With all that said... I'm inclined to think you're probably right. Further, @lowlighter 's suggestion of a strip regex is a useful option after all, but with suggested regexes being exported from the package itself (roll-your-own is probably less useful).

With that option, you can easily implement pass-through (default), strip, strip-diacritics, or even strip-only-ascii-diacritics behavior.

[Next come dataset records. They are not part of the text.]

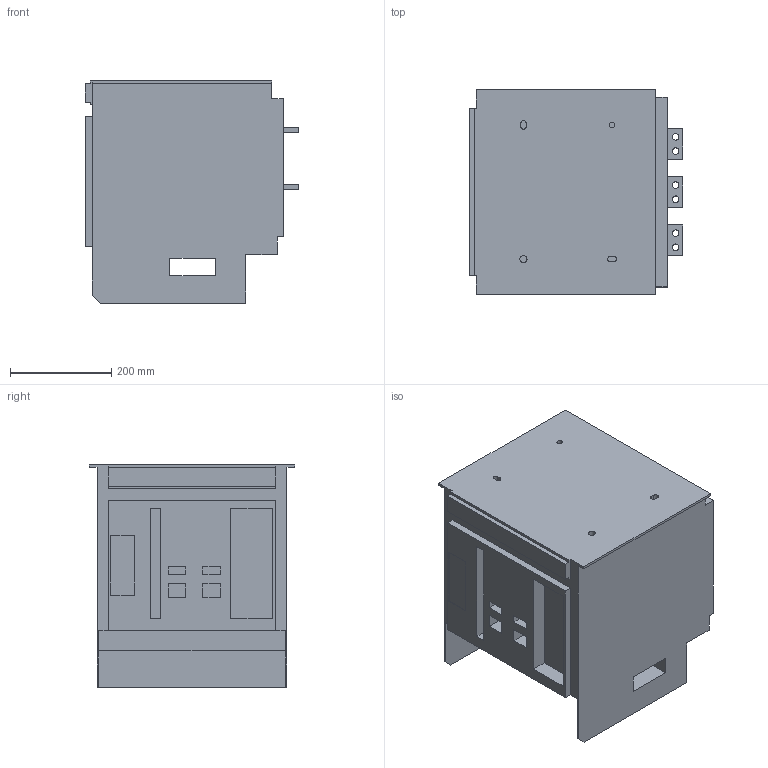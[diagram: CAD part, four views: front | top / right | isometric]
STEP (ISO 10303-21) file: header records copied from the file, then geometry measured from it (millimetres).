
FILE_DESCRIPTION((''),'2;1');
FILE_NAME('2000-3-CHOU-630A02','2019-04-26T',('hyha'),(''),'CREO PARAMETRIC BY PTC INC, 2015480','CREO PARAMETRIC BY PTC INC, 2015480','');
FILE_SCHEMA(('AUTOMOTIVE_DESIGN { 1 0 10303 214 1 1 1 1 }'));
Length unit declared in the file: millimetre
Products named in the file (1): 2000-3-CHOU-630A02
Bounding box: 421.5 x 405 x 439 mm (x, y, z)
Volume: 54483449.1 mm3; surface area: 1160397.7 mm2
Topology: 1 solids, 1 shells, 145 faces, 383 edges, 257 vertices
Faces by surface type: plane 113, cylinder 32
Entity records: 4574 total; most frequent: CARTESIAN_POINT 787, ORIENTED_EDGE 766, DIRECTION 742, EDGE_CURVE 383, VECTOR 314, LINE 314, VERTEX_POINT 257, AXIS2_PLACEMENT_3D 214
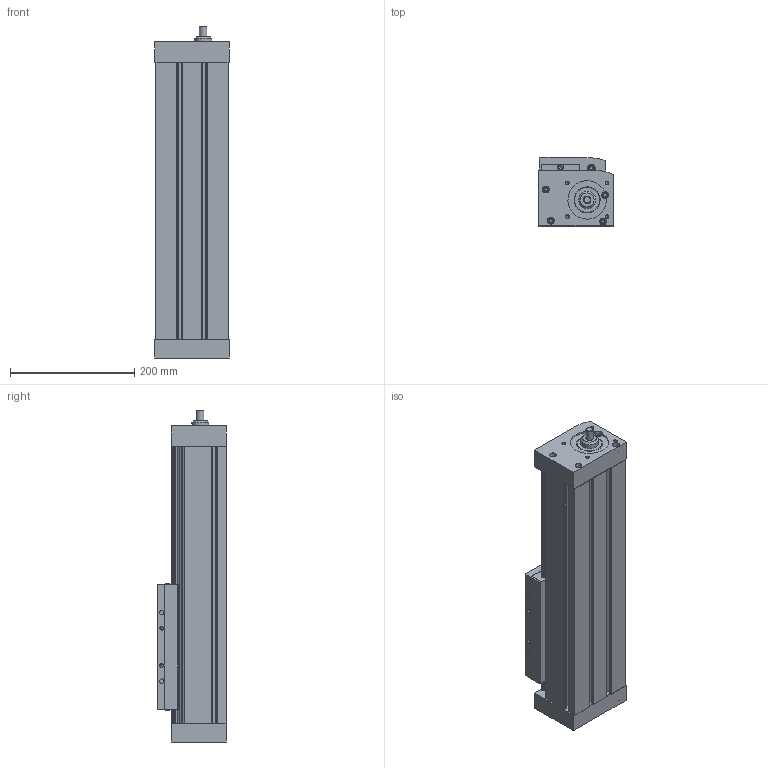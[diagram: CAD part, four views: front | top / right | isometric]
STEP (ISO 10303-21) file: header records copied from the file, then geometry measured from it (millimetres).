
FILE_DESCRIPTION(/* description */ ('STEP AP214'),/* implementation_level */ '2;1');
FILE_NAME(/* name */ '3013572_EGC-120-200-BS-10P-KF-0H-ML-GK',/* time_stamp */ '2024-08-27T12:25:17+02:00',/* author */ ('License CC BY-ND 4.0'),/* organization */ ('CADENAS'),/* preprocessor_version */ 'ST-DEVELOPER v19.3',/* originating_system */ 'PARTsolutions',/* authorisation */ ' ');
FILE_SCHEMA (('AUTOMOTIVE_DESIGN {1 0 10303 214 3 1 1}'));
Length unit declared in the file: millimetre
Products named in the file (6): 3013572 EGC-120-200-BS-10P-KF-0H-ML-GK---(0); EGC-120-BS446123GK0--0-ML--0_0_R0L22000; EGC-120-BS-KF_(Deckel LI2_0); EGC-120-BS-KF_(Deckel RE1_0); EGC-120-GK-GPBS1----(0); DIN-913 - M6x6
Assembly tree (5 placements, depth 2):
  3013572 EGC-120-200-BS-10P-KF-0H-ML-GK---(0)
    EGC-120-BS446123GK0--0-ML--0_0_R0L22000
    EGC-120-BS-KF_(Deckel LI2_0)
    EGC-120-BS-KF_(Deckel RE1_0)
    EGC-120-GK-GPBS1----(0)
    DIN-913 - M6x6
Bounding box: 120 x 111.5 x 534.5 mm (x, y, z)
Volume: 4990692.3 mm3; surface area: 442682 mm2
Topology: 5 solids, 5 shells, 549 faces, 1309 edges, 848 vertices
Faces by surface type: plane 310, cylinder 149, cone 89, sphere 1
Full cylindrical faces by diameter (mm): 1.1 x1, 4.134 x10, 4.2 x1, 4.5 x1, 4.917 x15, 6 x1, 6.647 x2, 7 x2, 8.376 x1, 9 x10, 9.6 x2, 10 x9, 11 x9, 12 x1, 13 x1, 28 x1, 30 x2, 40 x2
Entity records: 16443 total; most frequent: CARTESIAN_POINT 2829, DIRECTION 2540, ORIENTED_EDGE 2268, EDGE_CURVE 1134, AXIS2_PLACEMENT_3D 935, VERTEX_POINT 828, FACE_BOUND 782, EDGE_LOOP 770

The regex would be run against the NFD form so it could easily deal with diacritics:

export const NON_WORD = /[^\p{L}\p{M}\p{N}\-]+/gu;
export const DIACRITICS = /[^\p{L}\p{N}\-]+/gu;
export const ASCII_DIACRITICS = /(?<=[a-zA-Z])\p{M}+|[^\p{L}\p{M}\p{N}\-]+/gu;
export const NON_ASCII = /[^0-9a-zA-Z\-]/g;

// NON_WORD
assertEquals(slugify("déjà-vu"), "déjà-vu");
assertEquals(slugify("Συστημάτων Γραφής"), "συστημάτων-γραφής");

assertEquals(slugify("déjà-vu", { strip: DIACRITICS }), "deja-vu");
assertEquals(slugify("Συστημάτων Γραφής", { strip: DIACRITICS }), "συστηματων-γραφης");

assertEquals(slugify("déjà-vu", { strip: ASCII_DIACRITICS }), "deja-vu");
assertEquals(slugify("Συστημάτων Γραφής", { strip: ASCII_DIACRITICS }), "συστημάτων-γραφής");

assertEquals(slugify("déjà-vu", { strip: NON_ASCII }), "deja-vu");
assertEquals(slugify("Συστημάτων Γραφής", { strip: NON_ASCII }), "-");

Further, you could easily use a third-party transliteration library along with strip: NON_ASCII:

import transliterate from 'npm:any-ascii'

assertEquals(slugify(transliterate("Συστημάτων Γραφής"), { strip: NON_ASCII }), "systimaton-grafis");
kt3k commented 1 week ago

Ah ok. strip option sounds good to me. Looks like a balanced solution between added complexity and practicality.